Remember those miracles from the spring? The ones where teams stood up digital channels in days, migrated to remote work overnight, and duct-taped together solutions that kept the business running? Turns out that those miracles come with invoices. And they’re arriving now.
I’m not talking about cloud bills, although those are eye-popping too. I’m talking about the accumulated technical and organizational debt from nine months of just making it work. May shortcut showers become December liability flowers.
Variances of this scenario appear all over: an organization heroically built a customer self-service portal during the initial lockdown. It was clever. It was also built on a prototype framework, connected through spray-and-pray integration that worked most of the time, and secured with an authentication approach best described as “optimistic.” Suffice to say that as it scaled up, things didn’t exactly hold up.
The Debt You Can See
Some of this debt is obvious. It shows up in outages, slow performance, and security incidents. Like the SaaS tool that a department adopted in April on its metaphorical credit card, and now contains eight months of business-critical data that nobody can export. Or the API integrations that were hardcoded for a specific scenario and break every time something upstream changes.
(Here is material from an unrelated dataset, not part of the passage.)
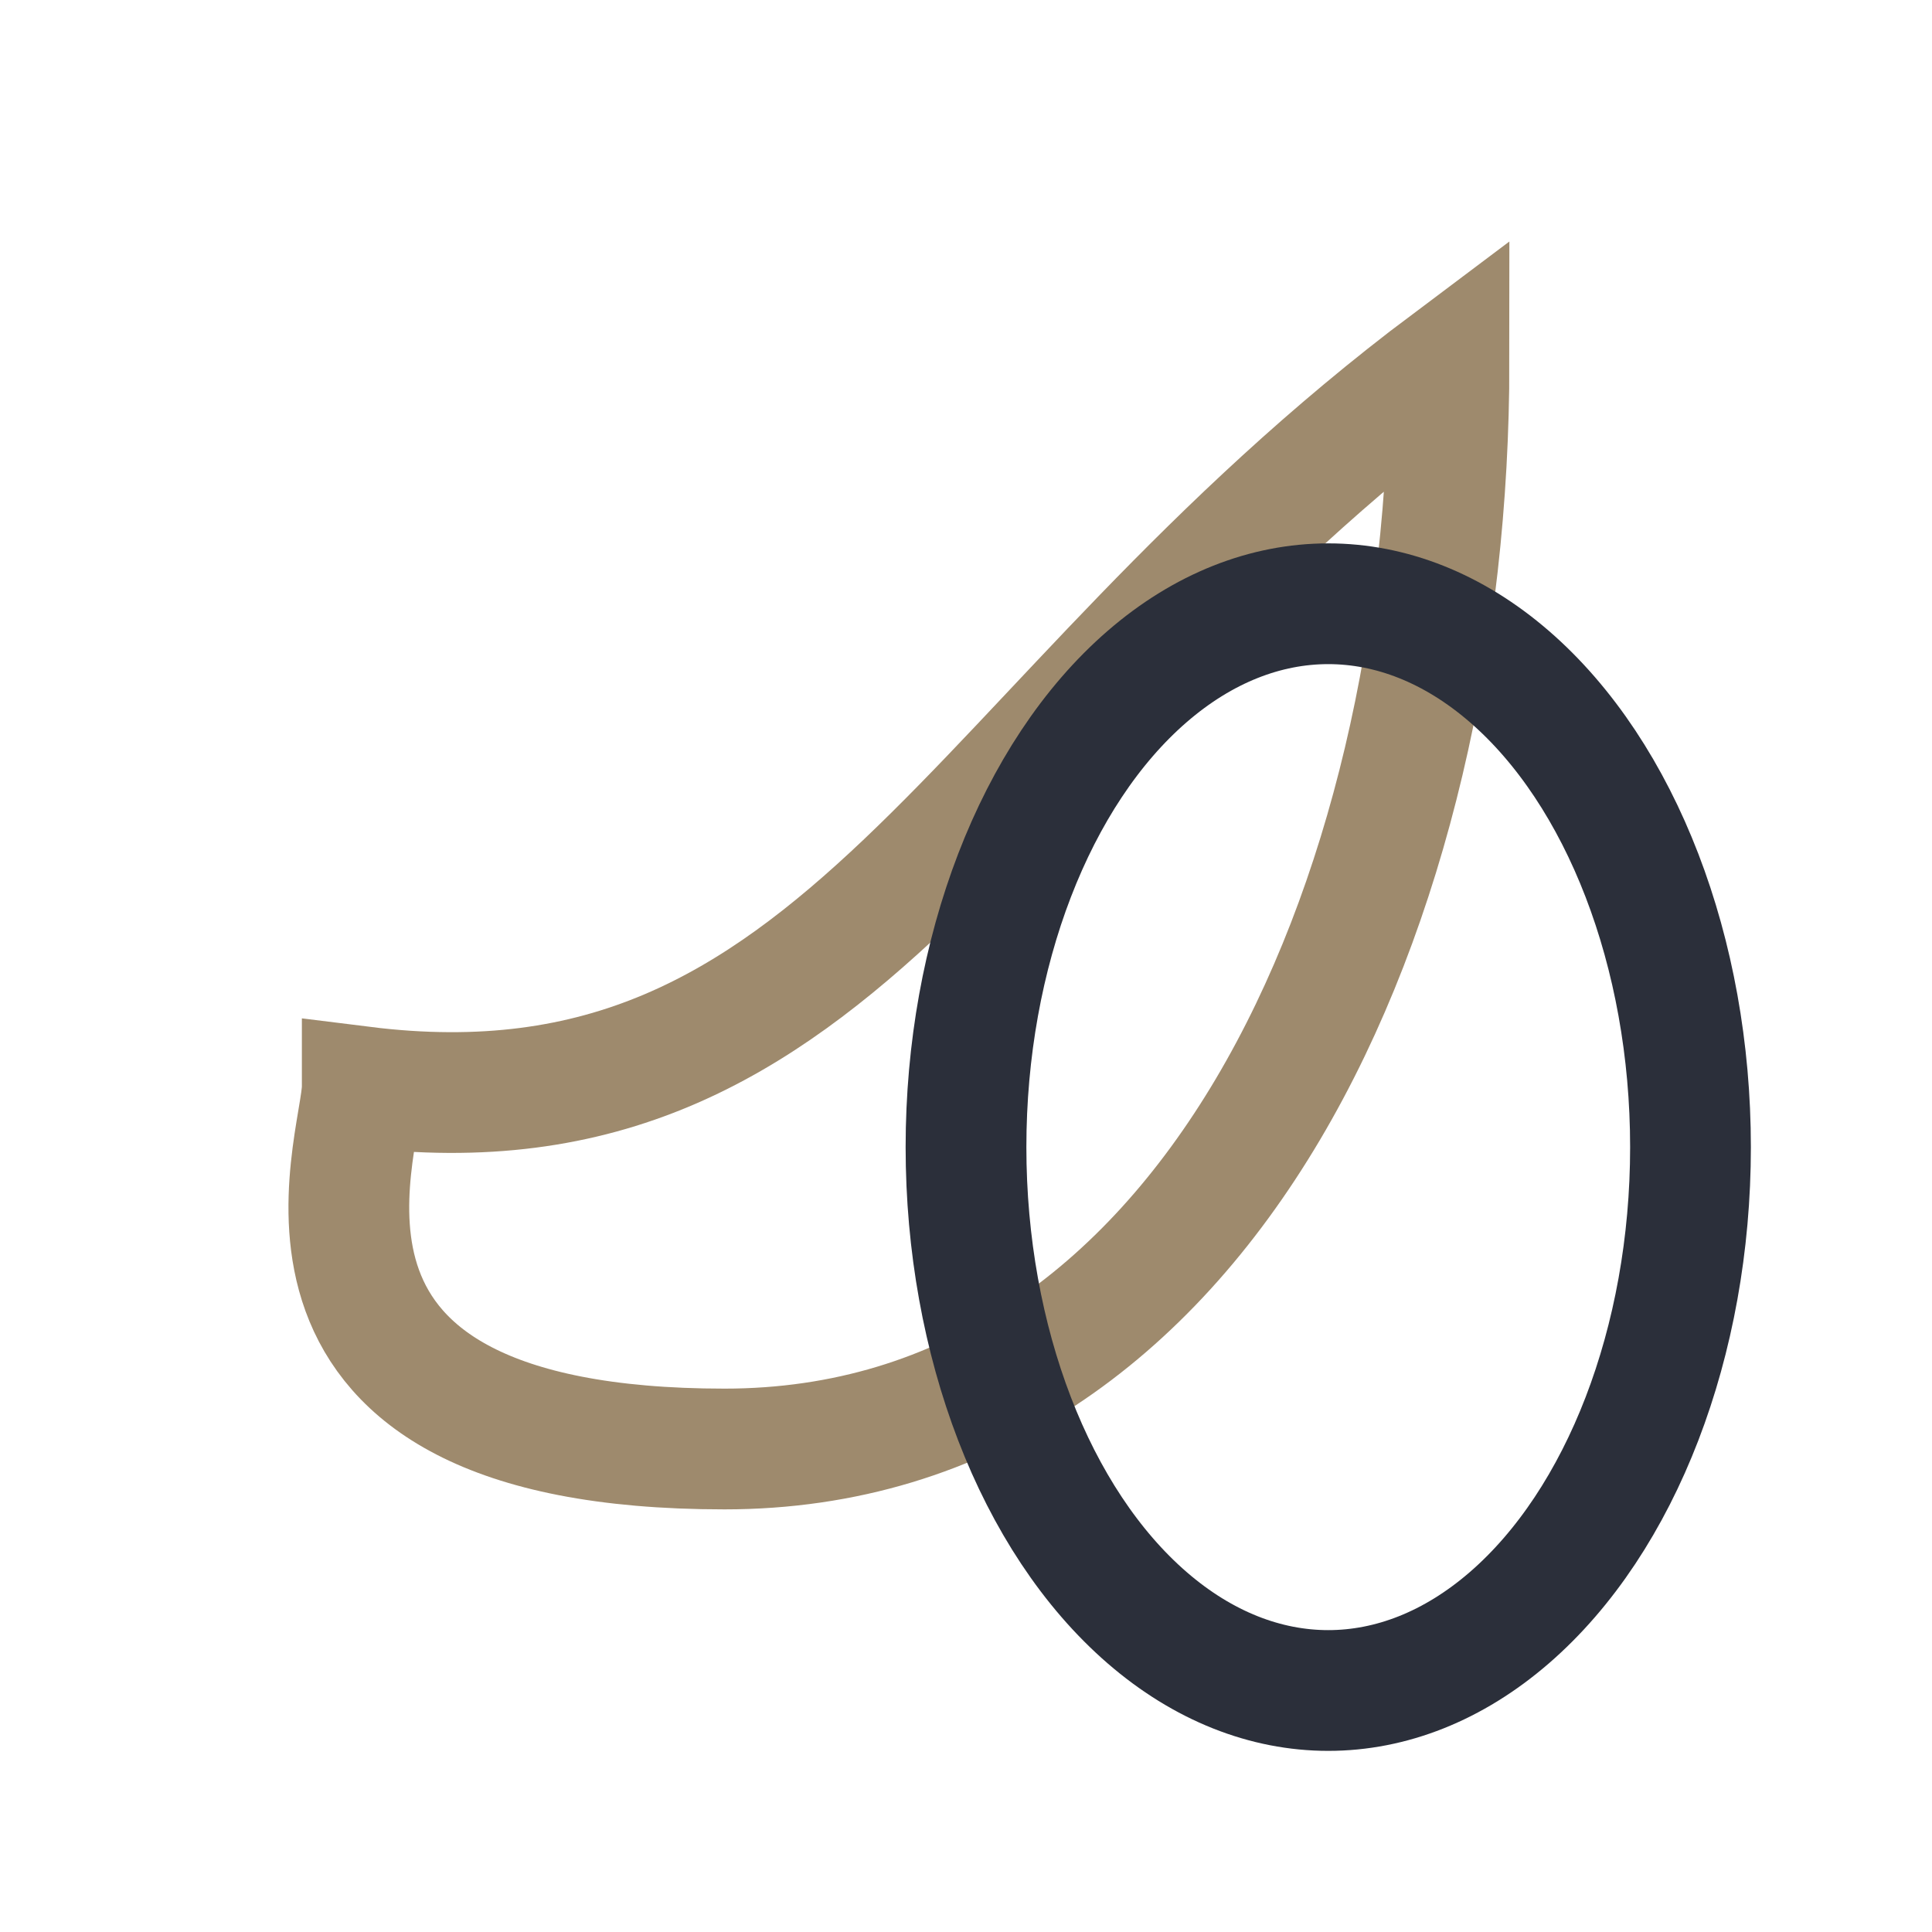 <?xml version="1.0" encoding="UTF-8"?>
<svg xmlns="http://www.w3.org/2000/svg" width="32" height="32" viewBox="0 0 32 32"><path d="M6 18c8 1 10-6 18-12 0 9-4 18-12 18s-6-5-6-6z" fill="none" stroke="#9E8A6D" stroke-width="2"/><ellipse cx="22" cy="19" rx="6" ry="9" fill="none" stroke="#2B2F3A" stroke-width="2"/></svg>
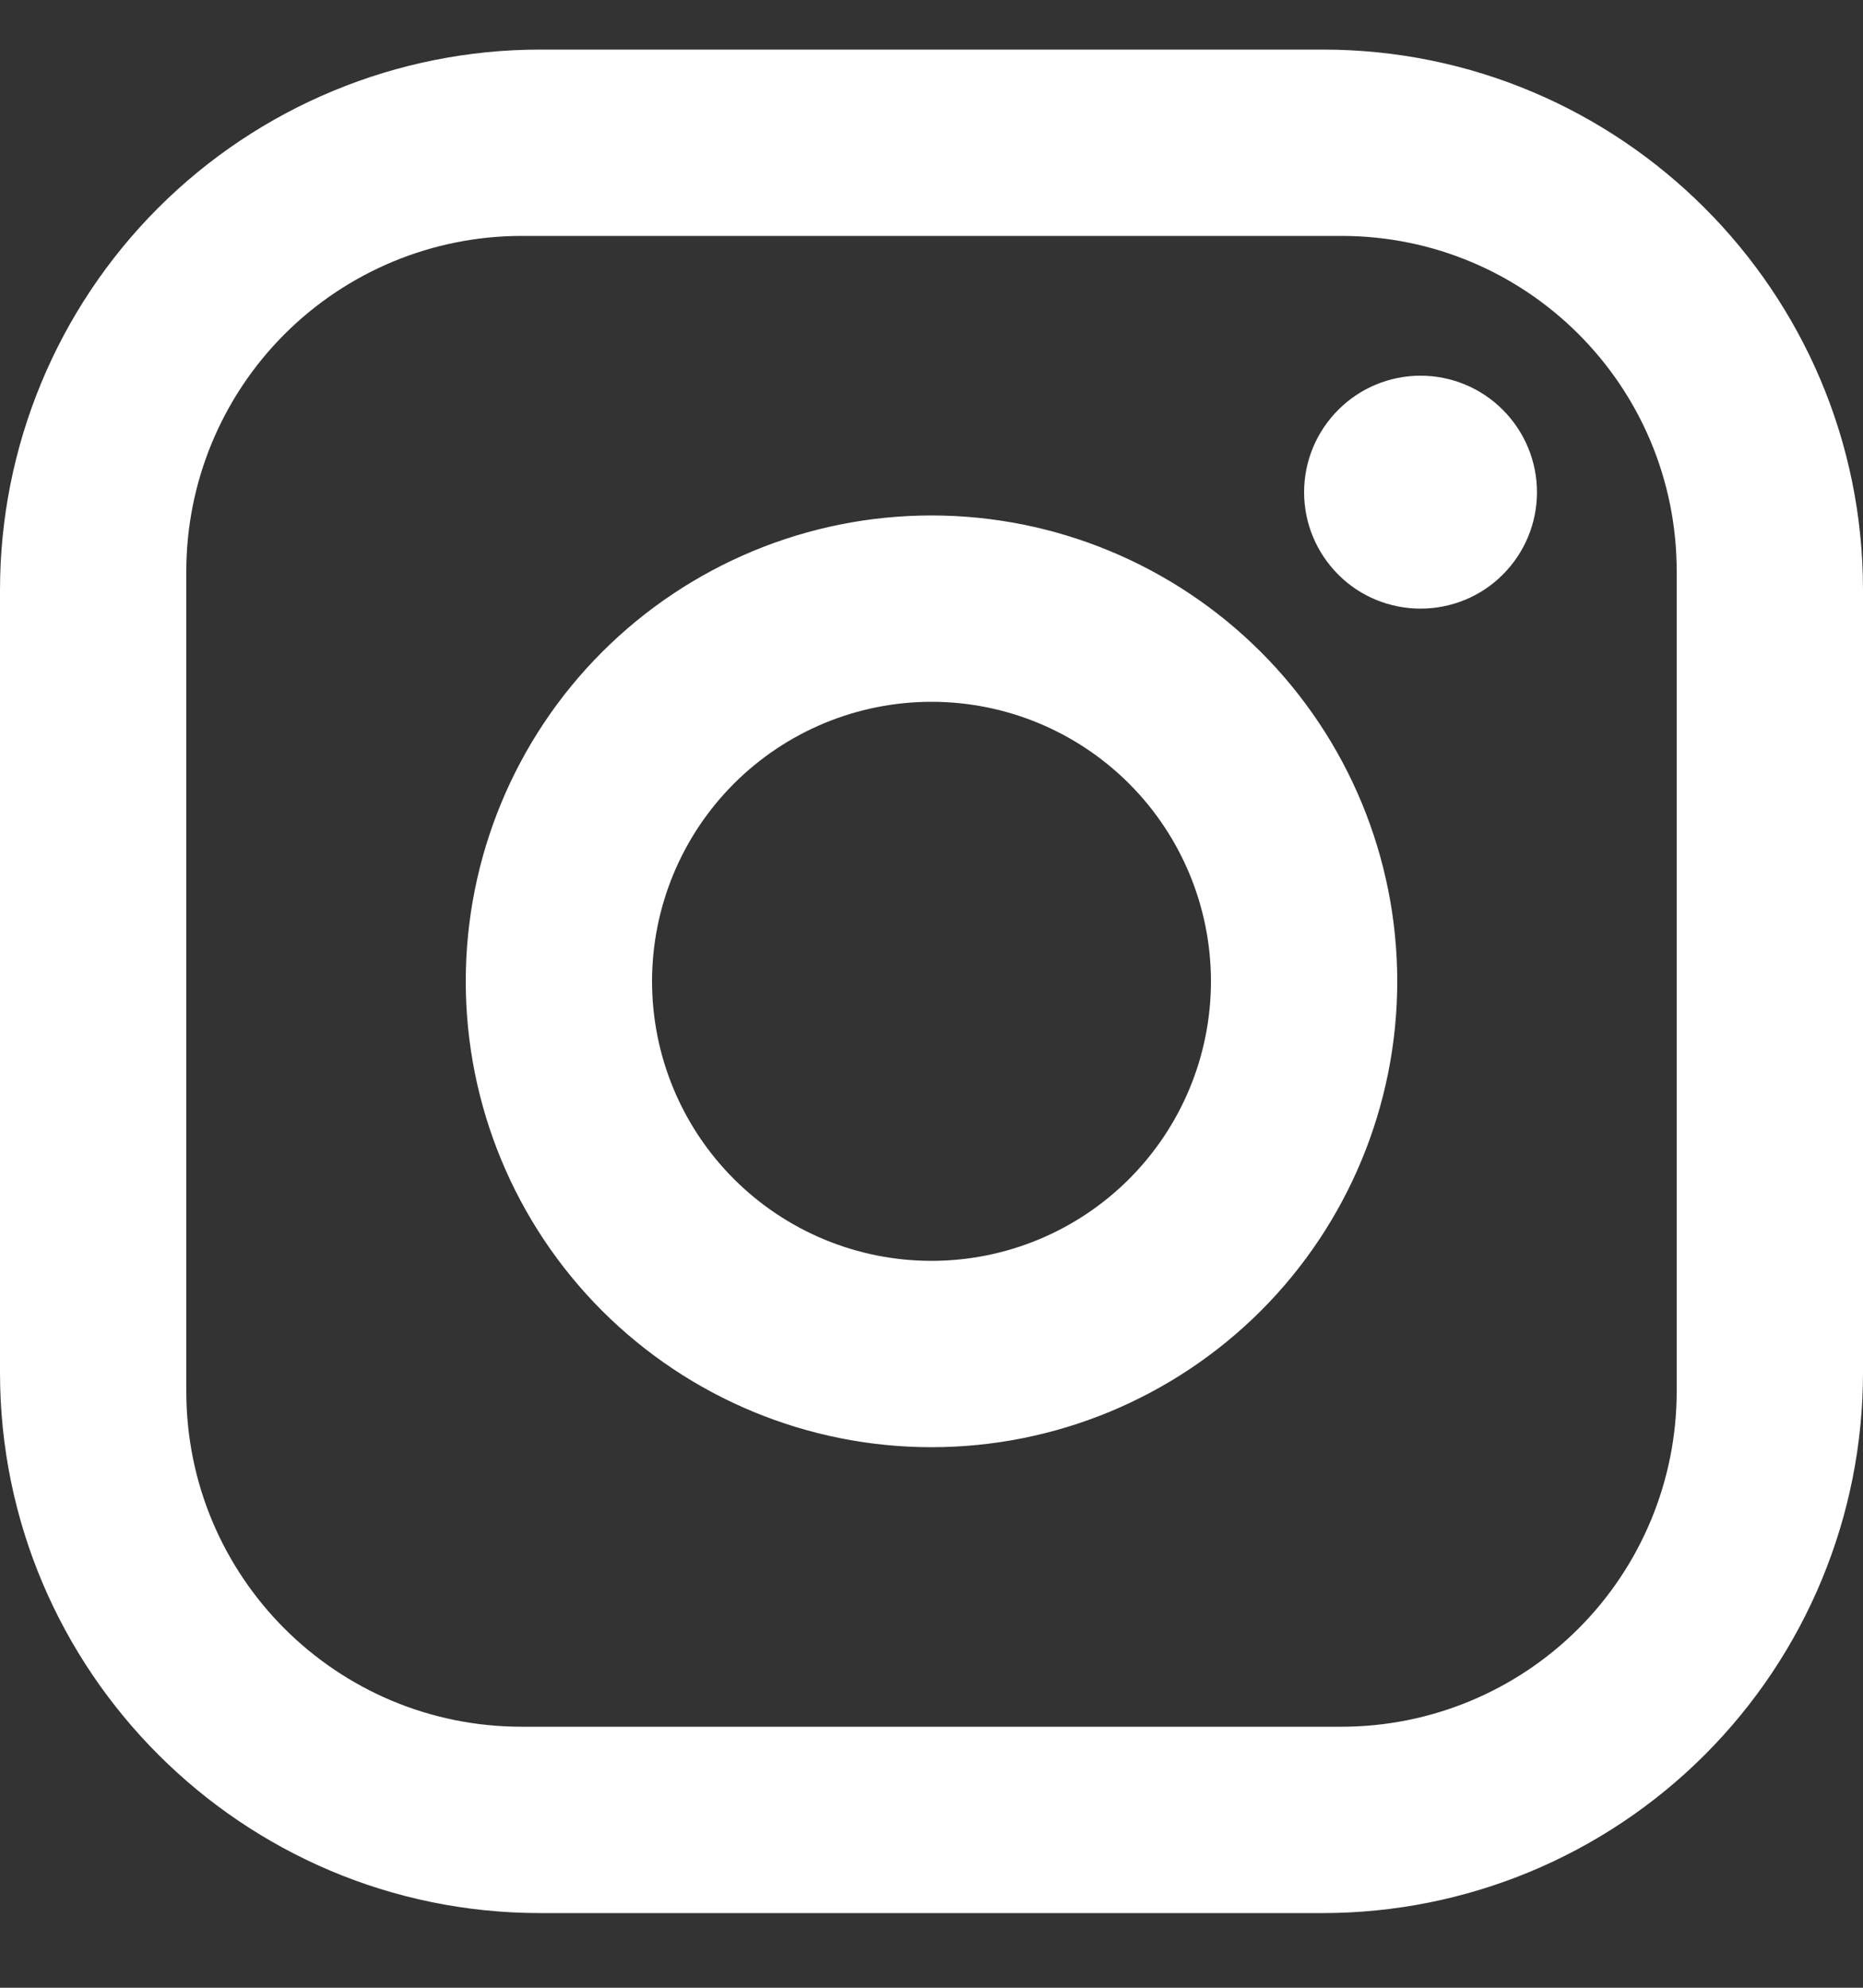 <svg xmlns="http://www.w3.org/2000/svg" width="15" height="16" viewBox="0 0 15 16" fill="none"><rect x="0" y="0" width="15" height="16" fill="#333333" stroke="none"/><path d="M4.35 0.399H10.65C13.05 0.399 15 2.349 15 4.749V11.049C15 12.203 14.542 13.309 13.726 14.125C12.91 14.941 11.804 15.399 10.65 15.399H4.35C1.95 15.399 0 13.449 0 11.049V4.749C0 3.596 0.458 2.489 1.274 1.673C2.09 0.858 3.196 0.399 4.35 0.399ZM4.2 1.899C3.484 1.899 2.797 2.184 2.291 2.69C1.784 3.197 1.5 3.883 1.5 4.599V11.199C1.5 12.692 2.708 13.899 4.2 13.899H10.8C11.516 13.899 12.203 13.615 12.709 13.109C13.216 12.602 13.5 11.915 13.5 11.199V4.599C13.5 3.107 12.293 1.899 10.8 1.899H4.2ZM11.438 3.024C11.686 3.024 11.925 3.123 12.1 3.299C12.276 3.475 12.375 3.713 12.375 3.962C12.375 4.211 12.276 4.449 12.1 4.625C11.925 4.801 11.686 4.899 11.438 4.899C11.189 4.899 10.95 4.801 10.775 4.625C10.599 4.449 10.5 4.211 10.5 3.962C10.5 3.713 10.599 3.475 10.775 3.299C10.95 3.123 11.189 3.024 11.438 3.024ZM7.5 4.149C8.495 4.149 9.448 4.545 10.152 5.248C10.855 5.951 11.25 6.905 11.25 7.899C11.25 8.894 10.855 9.848 10.152 10.551C9.448 11.254 8.495 11.649 7.5 11.649C6.505 11.649 5.552 11.254 4.848 10.551C4.145 9.848 3.75 8.894 3.75 7.899C3.75 6.905 4.145 5.951 4.848 5.248C5.552 4.545 6.505 4.149 7.5 4.149ZM7.5 5.649C6.903 5.649 6.331 5.886 5.909 6.308C5.487 6.73 5.25 7.303 5.25 7.899C5.25 8.496 5.487 9.068 5.909 9.49C6.331 9.912 6.903 10.149 7.5 10.149C8.097 10.149 8.669 9.912 9.091 9.49C9.513 9.068 9.75 8.496 9.75 7.899C9.75 7.303 9.513 6.73 9.091 6.308C8.669 5.886 8.097 5.649 7.5 5.649Z" fill="white"></path></svg>

This is the debt that gets attention because it hurts visibly. Executives understand outages. They understand security incidents. This debt gets funded, eventually, because the alternative is too painful.
The Debt You Can’t See
The invisible debt is quieter. It’s the kind that doesn’t cause outages. It causes friction that slows down the organization. Maybe the product team can’t build the next feature because the codebase from the spring has become unmaintainable. Every change risks breaking something, but nobody fully understands what, because the people who built it in a frenzy have moved on or burned out. Perhaps data that now flows through three different paths depending on when the integration was built and who built it. The reports don’t match, but everybody has learned to “adjust” the numbers manually. Somebody has a reconciliation spreadsheet. It’s always somebody.
Sometimes it’s process workarounds that became permanent without anyone deciding they should be. The manual step that was added in April because the system couldn’t handle an edge case. Nine months later, two people spend half their day on that manual step, and it’s now in the training materials for new hires.
This debt doesn’t announce itself. It compounds. Like real debt, the interest payments consume capacity that could be spent on new value.

Why Are We So Bad At Managing Debt?
Technical debt is certainly not a new concept. The term has been around since the early ’90s. Every technology leader is aware of it, yet, most organizations are terrible at managing it.
Part of the problem is visibility. Debt that lives in code, architecture, and process is invisible to the people who control budgets. You can’t put a screenshot of a poorly designed integration in a board presentation. “Trust me, it’s fragile” is not a compelling funding request. Fear, uncertainty, and doubt doesn’t always translate well.
The teams that created the debt during the crisis were rewarded for speed and deservedly so. They pulled off heroics when speed was the right call in March. But now it piled up. Nobody gets promoted for paying down technical debt. The reward system still favors new features, new capabilities, new shiny objects. Maintenance is career quicksand.
Part of the problem is language. When technologists say “technical debt,” business leaders hear “IT wants more money for stuff that doesn’t produce anything new.” We haven’t found the right way to explain that debt reduction is what enables the new stuff. It’s not optional.
A Pragmatic Approach
We start by making the post-COVID debt pile visible. You can’t prioritize what you can’t see. Create an inventory of the shortcuts taken during the crisis. No blame game, the decisions were right at the time, just to understand what being carried. Rate each item by risk and drag. Risk is the chance it breaks catastrophically. Drag is how much it slows you down every day. High risk should be fixed first, high drag soon after.
- Dedicate capacity on projects to chip away at it. You could plan debt reduction spikes, but I haven’t seen debt reduction programs be successful, they tend to turn a technical problem into a bureaucratic one. Instead, allocate a percentage of every team’s capacity to debt reduction. Twenty percent is a good starting point. Make it part of the regular rhythm, not a special initiative.
- Connect it to outcomes. Don’t pitch debt reduction as a technology hygiene exercise. Connect it to something the business cares about. “We need to refactor the integration layer” means nothing to a business sponsor. “We can’t launch the new partner channel until we stabilize the integration layer” is more likely to resonate.
- Track it. This sounds small, but it matters. If the only work that gets recognized is new features, that’s the only work people will want to do. Start acknowledging the teams that make the existing systems more reliable, more maintainable, more scalable. It’s not glamorous work, but it’s essential work. Like celebrating essential workers when the pandemic first hit.
Back to the Foundation
Now living with COVID seems to be the new normal, let’s take stock. Sure, the organization may have built an incredible shelter rapidly, but it’s based on a foundation designed for a garden shed. And now we have to live in it long-term. We’d better reinforce the foundation before it crumbles.
That’s the work of 2021, because the bill always comes. And newsflash, it’s not a cashless transaction. The only question is whether you pay it on your terms or on its terms.